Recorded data

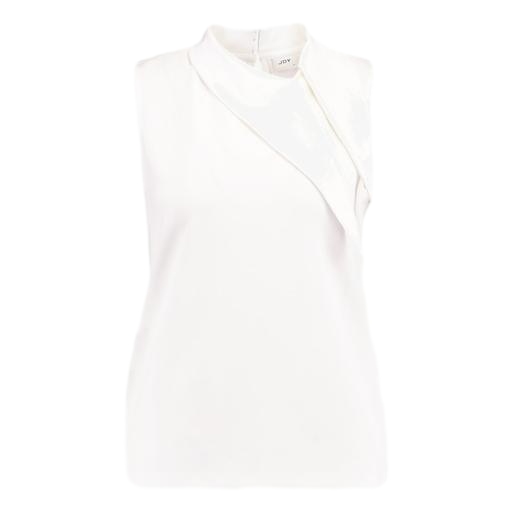
white tie-detail top, white luxe drape muscle tank, white fwrd exclusive pleated one shoulder top, white background
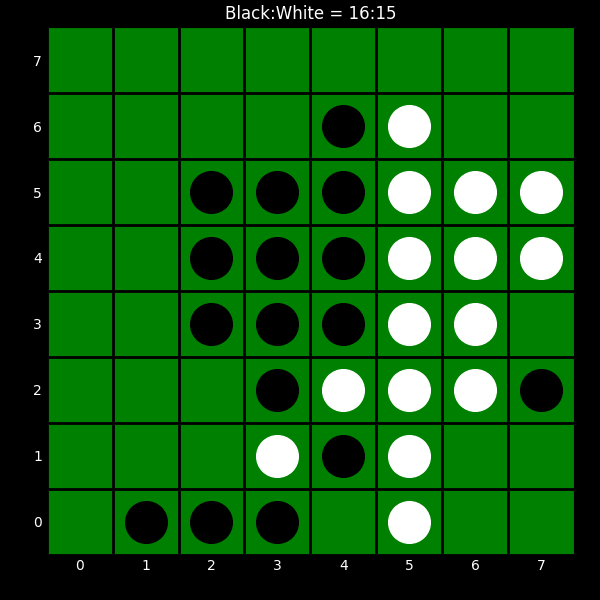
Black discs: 16
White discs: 15
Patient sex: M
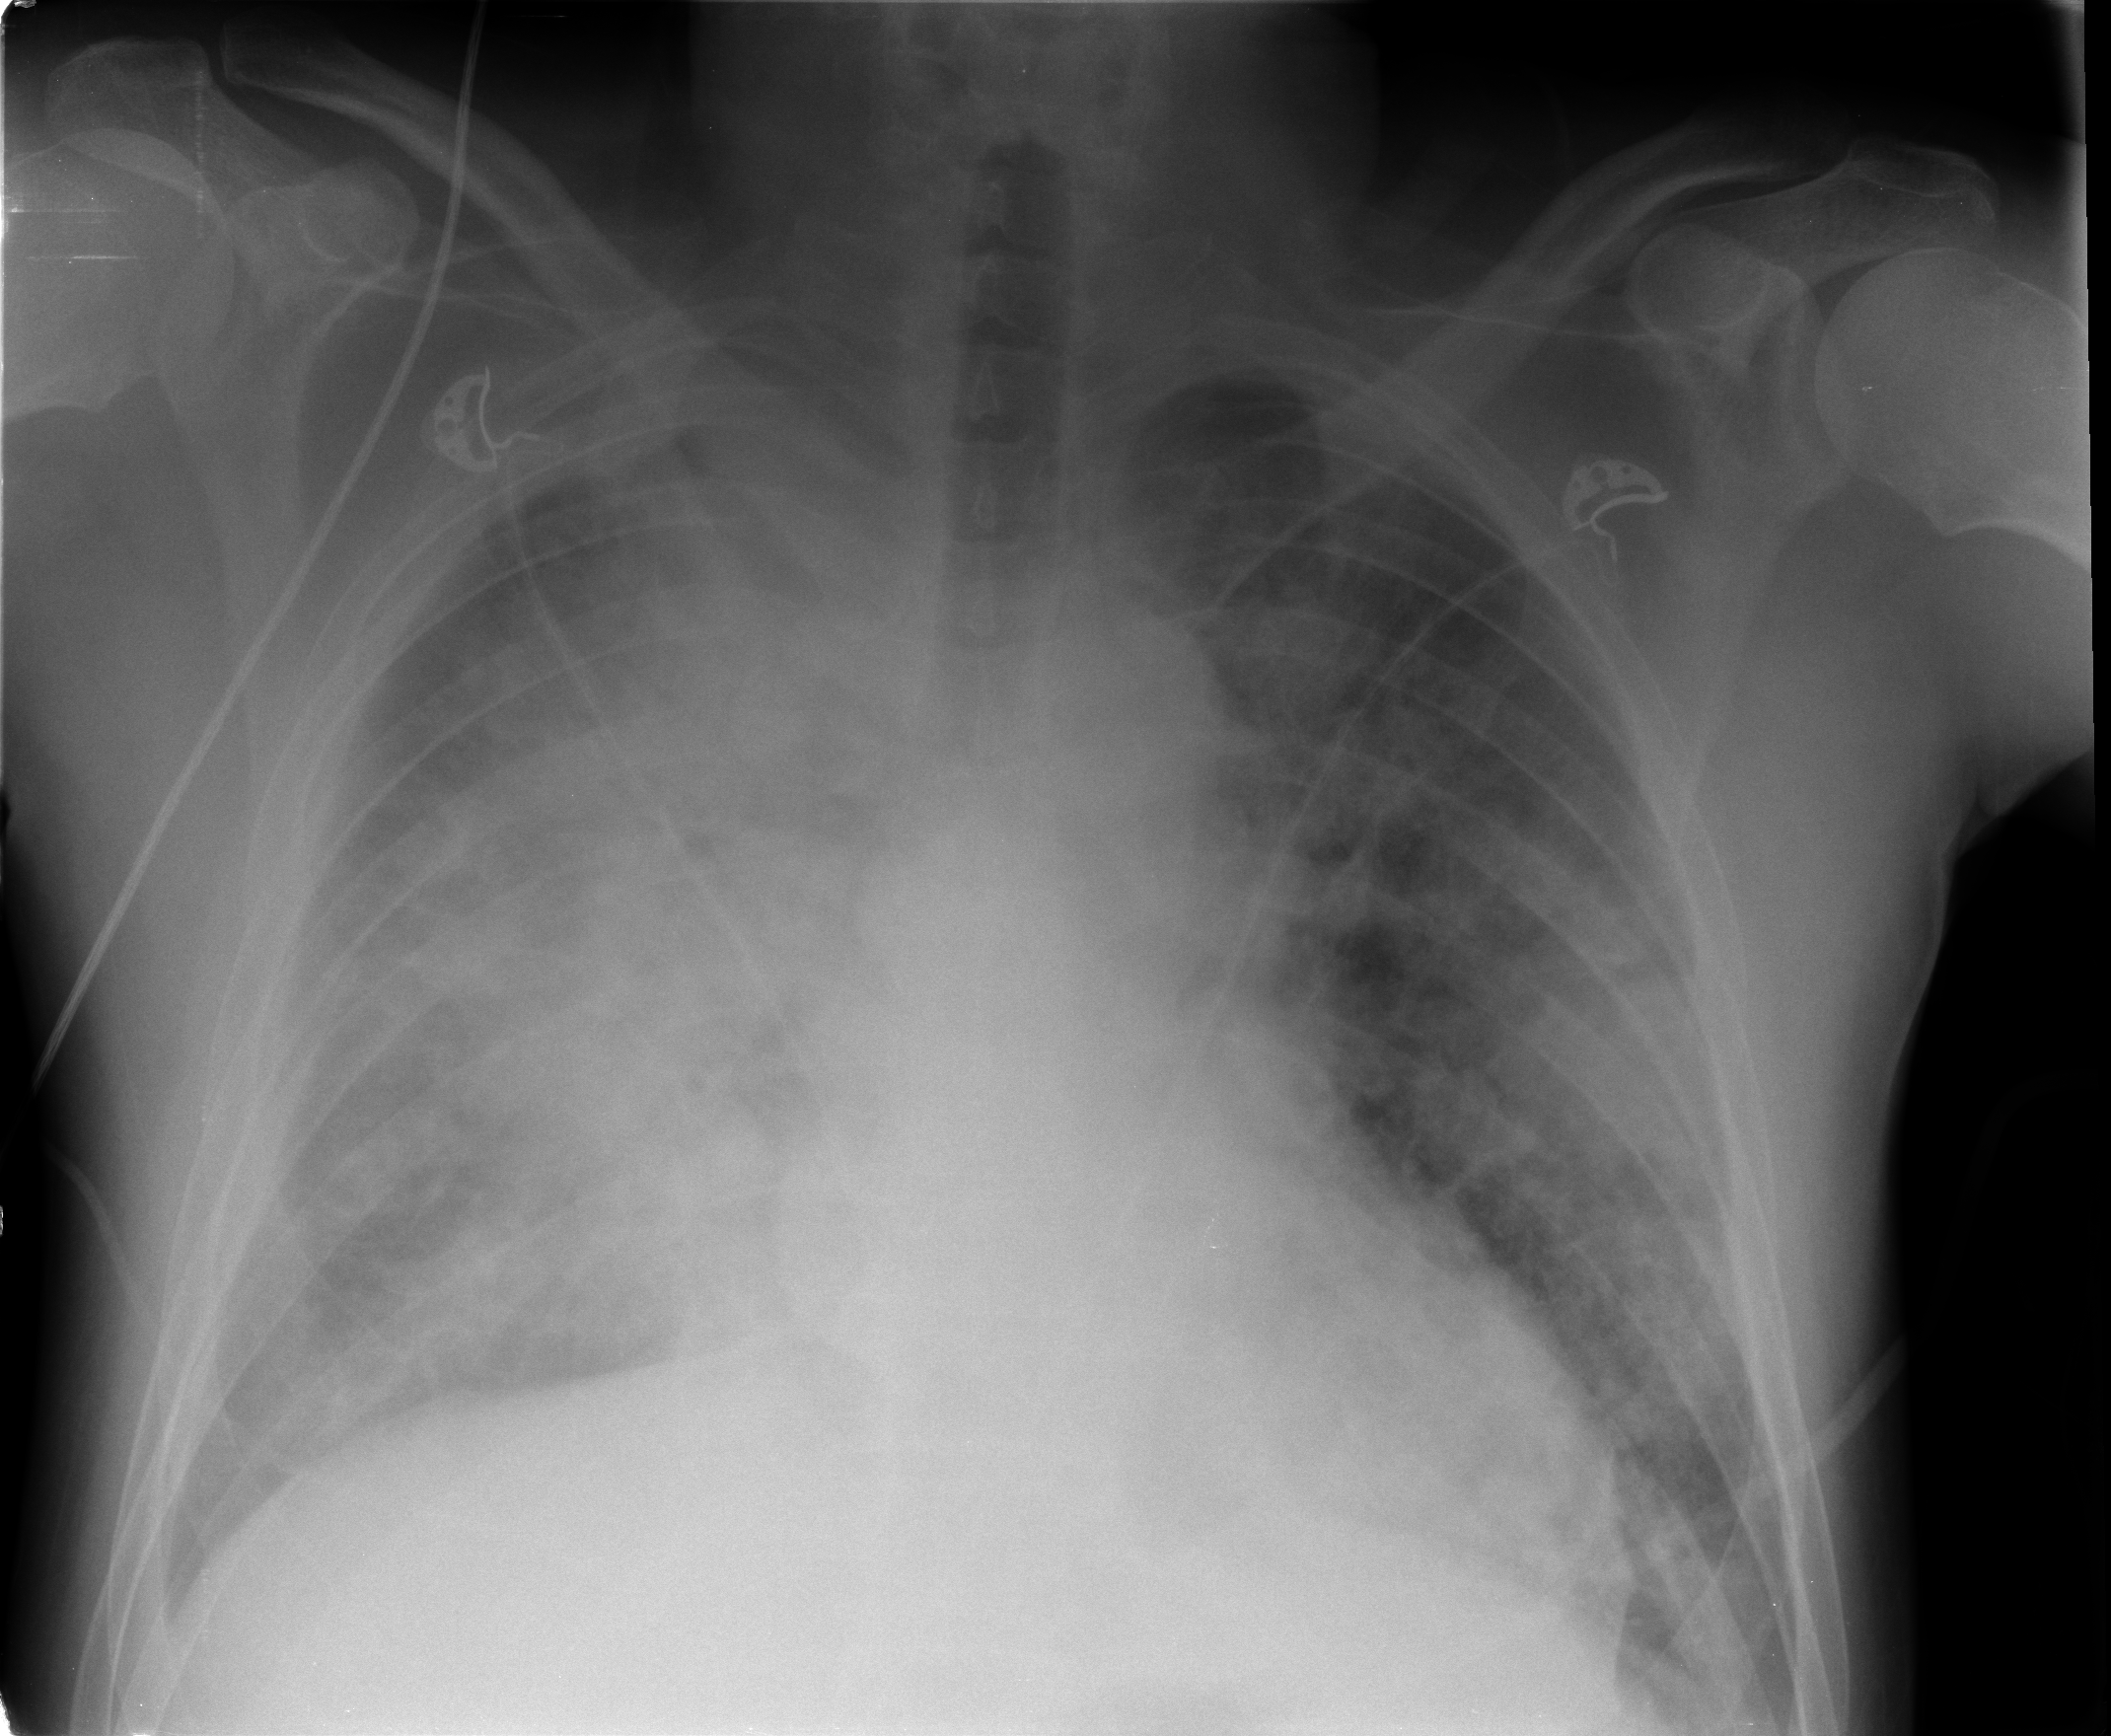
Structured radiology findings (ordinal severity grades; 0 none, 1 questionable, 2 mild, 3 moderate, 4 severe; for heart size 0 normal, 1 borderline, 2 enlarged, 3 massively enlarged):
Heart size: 0
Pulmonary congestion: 0
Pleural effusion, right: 3
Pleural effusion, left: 2
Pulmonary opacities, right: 4
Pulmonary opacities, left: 3
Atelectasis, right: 0
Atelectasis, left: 0

- **WHAT IS NEEDED**:
How many of the lines above include the string "right"? Give only the number.

- **WRITTEN REPLY**:
3